[DATA EXCERPTS Boundary: Start]
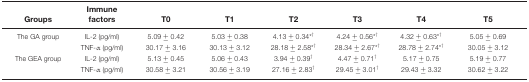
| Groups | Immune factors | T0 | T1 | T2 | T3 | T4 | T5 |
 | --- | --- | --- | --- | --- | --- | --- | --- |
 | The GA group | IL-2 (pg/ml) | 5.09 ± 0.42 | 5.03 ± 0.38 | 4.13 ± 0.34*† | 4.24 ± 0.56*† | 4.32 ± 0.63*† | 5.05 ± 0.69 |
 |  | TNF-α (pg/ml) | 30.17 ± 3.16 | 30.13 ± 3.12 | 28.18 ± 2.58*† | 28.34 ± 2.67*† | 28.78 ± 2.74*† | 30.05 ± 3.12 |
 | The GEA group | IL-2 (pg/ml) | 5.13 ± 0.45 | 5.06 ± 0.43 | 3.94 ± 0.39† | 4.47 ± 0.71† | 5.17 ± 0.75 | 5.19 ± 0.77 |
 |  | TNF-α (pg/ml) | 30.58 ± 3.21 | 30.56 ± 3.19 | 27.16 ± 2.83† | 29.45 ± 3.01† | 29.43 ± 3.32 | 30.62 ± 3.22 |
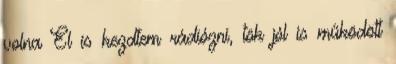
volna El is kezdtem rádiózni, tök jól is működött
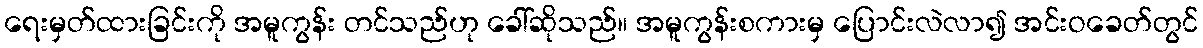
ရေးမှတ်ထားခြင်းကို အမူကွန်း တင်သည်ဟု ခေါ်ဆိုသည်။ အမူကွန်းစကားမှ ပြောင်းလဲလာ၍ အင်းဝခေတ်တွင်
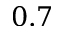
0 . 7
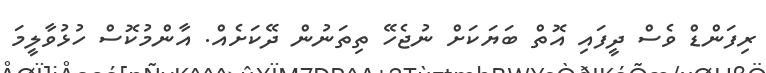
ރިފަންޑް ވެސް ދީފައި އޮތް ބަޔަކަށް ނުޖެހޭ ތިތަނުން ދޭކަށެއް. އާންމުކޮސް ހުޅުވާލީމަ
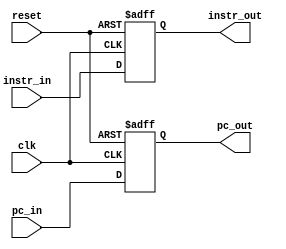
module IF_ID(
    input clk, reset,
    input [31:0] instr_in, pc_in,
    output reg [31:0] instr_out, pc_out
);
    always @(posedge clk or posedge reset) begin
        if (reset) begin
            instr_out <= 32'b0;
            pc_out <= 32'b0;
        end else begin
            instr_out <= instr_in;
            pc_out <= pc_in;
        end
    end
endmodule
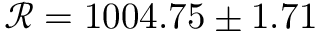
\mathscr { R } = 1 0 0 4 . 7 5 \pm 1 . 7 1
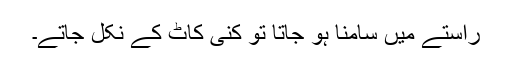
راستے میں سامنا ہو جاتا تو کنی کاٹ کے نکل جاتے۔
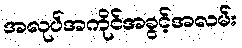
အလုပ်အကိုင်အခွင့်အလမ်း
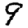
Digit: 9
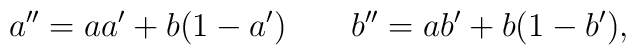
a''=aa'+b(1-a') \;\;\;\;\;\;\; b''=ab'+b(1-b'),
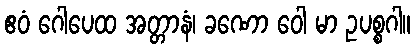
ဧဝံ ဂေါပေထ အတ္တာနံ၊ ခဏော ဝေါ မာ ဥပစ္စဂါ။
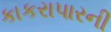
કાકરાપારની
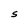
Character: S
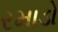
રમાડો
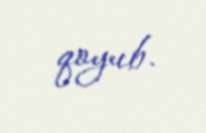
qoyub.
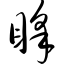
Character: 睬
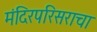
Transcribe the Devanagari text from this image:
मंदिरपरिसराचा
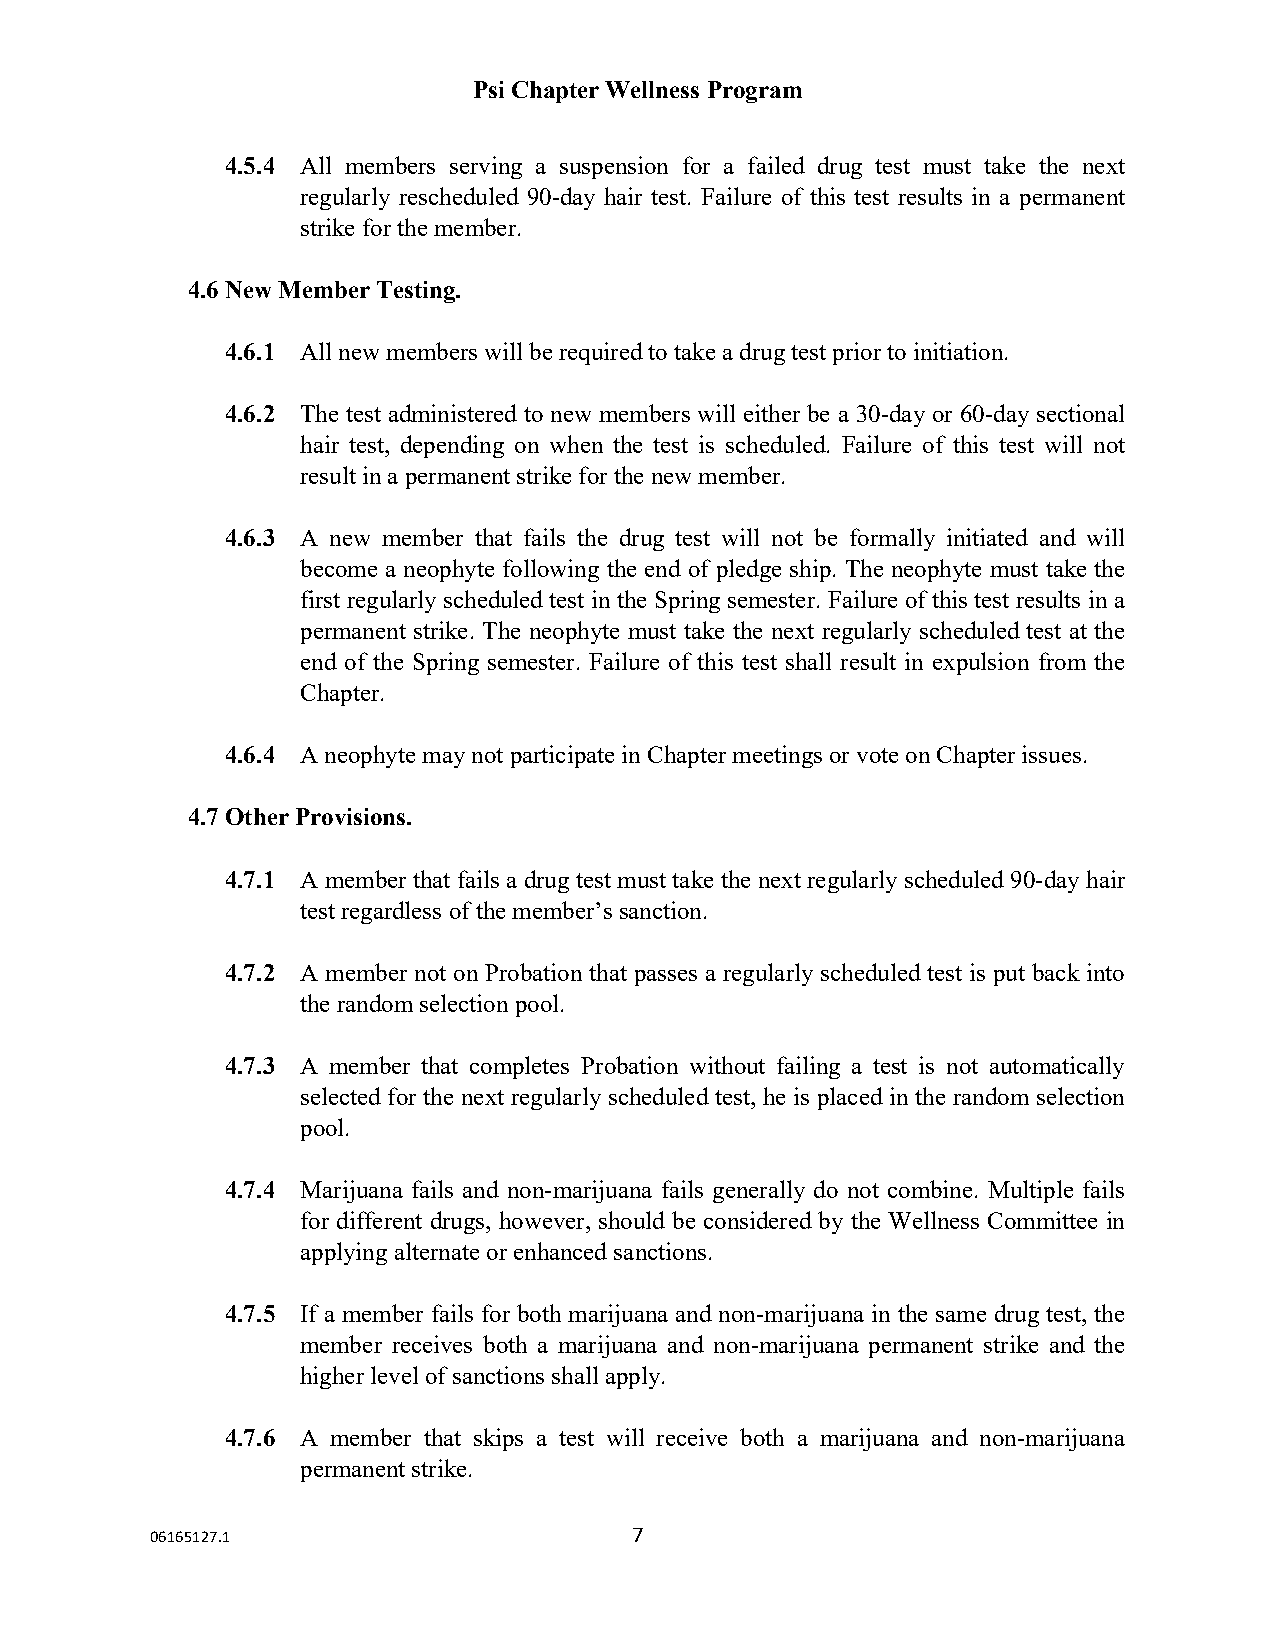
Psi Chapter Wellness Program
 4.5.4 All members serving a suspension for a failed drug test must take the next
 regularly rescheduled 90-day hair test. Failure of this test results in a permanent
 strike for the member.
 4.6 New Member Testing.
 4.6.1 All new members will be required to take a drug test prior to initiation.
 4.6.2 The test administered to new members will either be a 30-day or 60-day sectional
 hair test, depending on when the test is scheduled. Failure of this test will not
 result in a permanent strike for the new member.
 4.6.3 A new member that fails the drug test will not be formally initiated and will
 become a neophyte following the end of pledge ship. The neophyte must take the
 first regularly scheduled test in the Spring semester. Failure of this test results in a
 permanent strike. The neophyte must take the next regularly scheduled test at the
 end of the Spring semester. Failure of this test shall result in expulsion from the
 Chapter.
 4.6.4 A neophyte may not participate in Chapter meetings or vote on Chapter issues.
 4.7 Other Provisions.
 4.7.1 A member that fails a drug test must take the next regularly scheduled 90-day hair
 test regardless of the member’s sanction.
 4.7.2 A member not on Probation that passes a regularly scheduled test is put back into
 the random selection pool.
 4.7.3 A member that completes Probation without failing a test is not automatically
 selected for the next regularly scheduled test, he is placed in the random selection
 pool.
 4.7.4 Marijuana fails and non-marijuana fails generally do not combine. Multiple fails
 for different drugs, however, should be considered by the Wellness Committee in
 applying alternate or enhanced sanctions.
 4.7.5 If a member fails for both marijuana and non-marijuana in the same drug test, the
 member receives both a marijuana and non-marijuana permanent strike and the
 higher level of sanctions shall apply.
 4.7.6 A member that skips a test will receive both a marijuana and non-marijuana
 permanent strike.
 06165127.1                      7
[DATA EXCERPTS Boundary: End]
TASK DIRECTIONS: An exact copy is needed of the stretch above that opens with the line containing "volna El is" and closes with the line containing "end else begin"; the pictures are not part of it.

WRITTEN ANSWER:
volna El is kezdtem rádiózni, tök jól is működött
ရေးမှတ်ထားခြင်းကို အမူကွန်း တင်သည်ဟု ခေါ်ဆိုသည်။ အမူကွန်းစကားမှ ပြောင်းလဲလာ၍ အင်းဝခေတ်တွင်
0 . 7
ރިފަންޑް ވެސް ދީފައި އޮތް ބަޔަކަށް ނުޖެހޭ ތިތަނުން ދޭކަށެއް. އާންމުކޮސް ހުޅުވާލީމަ
module IF_ID(
    input clk, reset,
    input [31:0] instr_in, pc_in,
    output reg [31:0] instr_out, pc_out
);
    always @(posedge clk or posedge reset) begin
        if (reset) begin
            instr_out <= 32'b0;
            pc_out <= 32'b0;
        end else begin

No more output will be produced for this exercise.